People filing Freedom of Information Act requests with U.S. Citizenship and Immigration Services will no longer have to wait on the post office for a response.

USCIS on Tuesday opened up its new Freedom of Information Act Immigration Records System, or FIRST, an online portal to submit, manage and receive responses to FOIA requests. Prior to the launch, requestors would have to wait to receive a response through the mail in the form of stacks of paper or burned CDs.

The agency would send some responses by email, but only when the file sizes were small enough.

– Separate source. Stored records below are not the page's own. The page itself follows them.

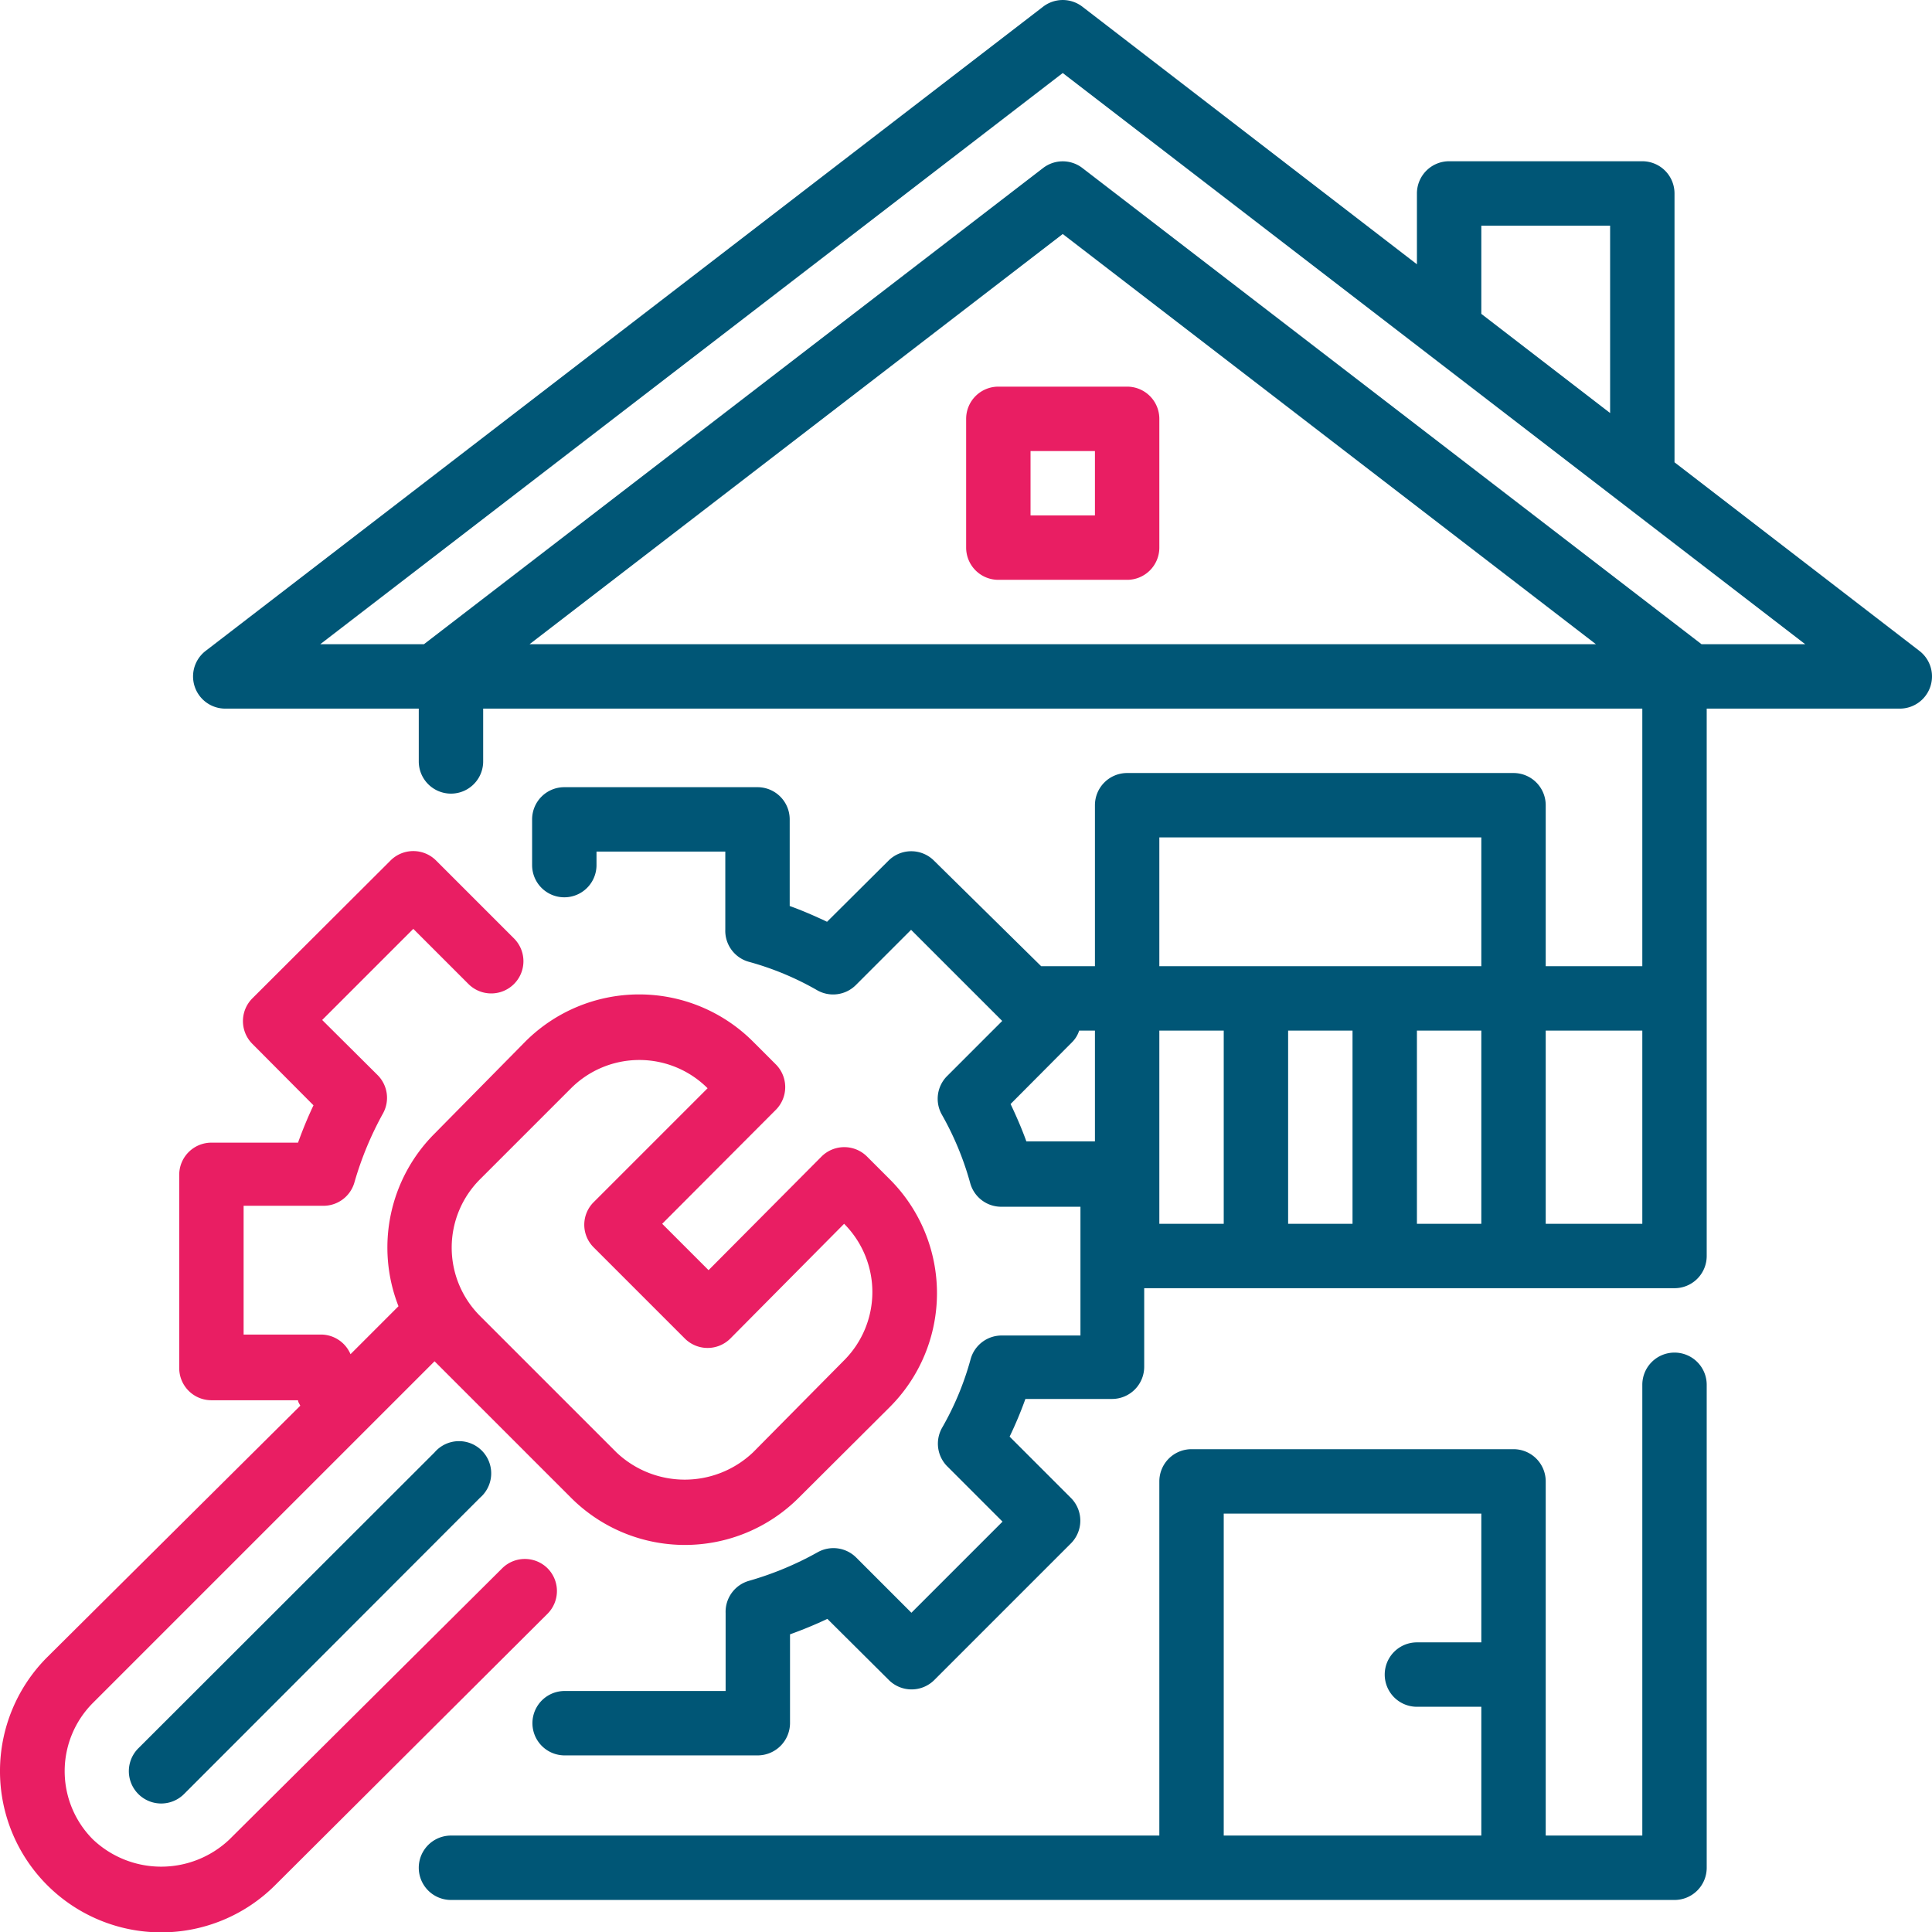 <svg xmlns="http://www.w3.org/2000/svg" width="60.003" height="60.014" viewBox="0 0 60.003 60.014">
  <g id="noun_home_service_3385065" data-name="noun_home service_3385065" transform="translate(-1.994 -1.992)">
    <g id="Group_8559" data-name="Group 8559">
      <g id="Group_8558" data-name="Group 8558">
        <path id="Path_348287" data-name="Path 348287" d="M54,44a1,1,0,0,0-1,1V59H50V48a1,1,0,0,0-1-1H39a1,1,0,0,0-1,1V59H16a1,1,0,0,0,0,2H54a1,1,0,0,0,1-1V45A1,1,0,0,0,54,44ZM40,59V49h8v4H46a1,1,0,0,0,0,2h2v4Z" fill="#005676"/>
        <path id="Path_348288" data-name="Path 348288" d="M61.61,22.21,54,16.35V8a1,1,0,0,0-1-1H47a1,1,0,0,0-1,1v2.2l-10.39-8a1,1,0,0,0-1.22,0l-26,20A1,1,0,0,0,9,24h6v1.64a1,1,0,0,0,2,0V24H53v8H50V27a1,1,0,0,0-1-1H37a1,1,0,0,0-1,1v5H34.33L31,28.72a1,1,0,0,0-1.41,0l-1.91,1.9c-.38-.18-.77-.35-1.16-.49V27.44a1,1,0,0,0-1-1h-6a1,1,0,0,0-1,1v1.42a1,1,0,0,0,2,0v-.42h4v2.42a1,1,0,0,0,.72,1,9.06,9.06,0,0,1,2.14.89,1,1,0,0,0,1.2-.17l1.71-1.71,2.83,2.83-1.71,1.71a1,1,0,0,0-.17,1.19,9.31,9.31,0,0,1,.89,2.15,1,1,0,0,0,1,.72h2.42v4H33.14a1,1,0,0,0-1,.73,9.06,9.06,0,0,1-.89,2.14,1,1,0,0,0,.17,1.2l1.71,1.71L30.3,52.08l-1.71-1.71a1,1,0,0,0-1.2-.17,10,10,0,0,1-2.14.89,1,1,0,0,0-.72,1v2.42h-5a1,1,0,1,0,0,2h6a1.007,1.007,0,0,0,1-1V52.75c.39-.14.78-.3,1.16-.48l1.91,1.9a1,1,0,0,0,1.41,0l4.24-4.24a1,1,0,0,0,0-1.42l-1.9-1.9a12,12,0,0,0,.49-1.17h2.69a1,1,0,0,0,1-1V42H54a1,1,0,0,0,1-1V24h6a1,1,0,0,0,.61-1.79ZM48,9h4v5.82l-4-3.08ZM18.44,22,35,9.26,51.56,22ZM53,34v6H50V34Zm-5-6v4H38V28Zm-4,6v6H42V34ZM33.87,37.44c-.14-.39-.31-.78-.49-1.16l1.9-1.91a.89.89,0,0,0,.23-.37H36v3.44ZM38,40V34h2v6Zm8,0V34h2v6Zm8.84-18L35.61,7.21a1,1,0,0,0-1.22,0L15.16,22H11.94L35,4.26,58.06,22Z" fill="#005676"/>
        <path id="Path_348289" data-name="Path 348289" d="M32,15v4a1,1,0,0,0,1,1h4a1,1,0,0,0,1-1V15a1,1,0,0,0-1-1H33A1,1,0,0,0,32,15Zm2,1h2v2H34Z" fill="#e91e63"/>
        <path id="Path_348290" data-name="Path 348290" d="M19,50.7a1,1,0,0,0-1.41,0L9.12,59.12a3.08,3.08,0,0,1-4.24,0,3,3,0,0,1,0-4.24L15.49,44.27h0l4.24,4.24a5,5,0,0,0,7.07,0l2.83-2.82a5,5,0,0,0,0-7.07l-.71-.71a1,1,0,0,0-1.41,0L24,41.44,22.56,40l3.53-3.54a1,1,0,0,0,0-1.41l-.71-.71a5,5,0,0,0-7.07,0L15.49,37.2a5,5,0,0,0-1.12,5.36l-1.49,1.49a1,1,0,0,0-.9-.61H9.56v-4H12a1,1,0,0,0,1-.72,10.28,10.28,0,0,1,.89-2.15,1,1,0,0,0-.17-1.19L12,33.67l2.83-2.83,1.71,1.71a1,1,0,1,0,1.42-1.41l-2.42-2.42a1,1,0,0,0-1.42,0L9.83,33a1,1,0,0,0,0,1.41l1.9,1.91c-.18.38-.34.77-.48,1.16H8.56a1,1,0,0,0-1,1v6a1,1,0,0,0,1,1h2.69c0,.06.05.12.07.17L3.46,53.46a5.006,5.006,0,1,0,7.08,7.08L19,52.11A1,1,0,0,0,19,50.7ZM16.9,38.62l2.83-2.83a3,3,0,0,1,4.24,0l-3.53,3.53a.99.99,0,0,0,0,1.42l2.82,2.82a1,1,0,0,0,1.42,0L28.21,40a3,3,0,0,1,0,4.24L25.38,47.1a3.08,3.08,0,0,1-4.24,0L16.9,42.86a3,3,0,0,1,0-4.24Z" fill="#e91e63"/>
        <path id="Path_348291" data-name="Path 348291" d="M15.49,47.1l-9.2,9.19a1,1,0,1,0,1.42,1.42l9.19-9.2a1,1,0,1,0-1.41-1.41Z" fill="#005676"/>
      </g>
    </g>
  </g>
</svg>

The analog process is cumbersome but the only option for large files.

“Last fiscal year—2017—we burned and delivered 117,364 CDs to FOIA requesters and printed and delivered 2,551 cases containing responsive records to paper,” USCIS spokesman Steve Blando told Nextgov. “Due to the high volume of FOIA requests USCIS receives each year, we have never had a scalable electronic platform for the digital release of records.”

Blando said the agency isn’t sure how many electronic responses it issued annually to date, but “the volume was well under 1 percent of the total cases the department responded to.”

Now, all FOIA requests can be managed through the FIRST portal, enabling the agency to better track and deliver responses and instant access to those responses for the requestor using a myUSCIS account.

The new portal is a step in the right direction but should be approached with caution, according to Alex Howard, an open government advocate and former deputy director of the Sunlight Foundation.

“This looks like an evolutionary improvement, not a revolutionary one,” he told Nextgov.

Howard points out that USCIS has been under congressional mandate since 2007 to create an electronic reading room and could have used the government’s FOIAOnline portal. He also cited privacy issues that have arisen in the past.

“Modernization is progress, but DHS has overstepped what the law allows in the past with respect to requiring more personally identifiable information,” he said. “I'd be careful to praise this as anything like a ‘game changer’ until we see how it's implemented and whether it improves anything for requesters.”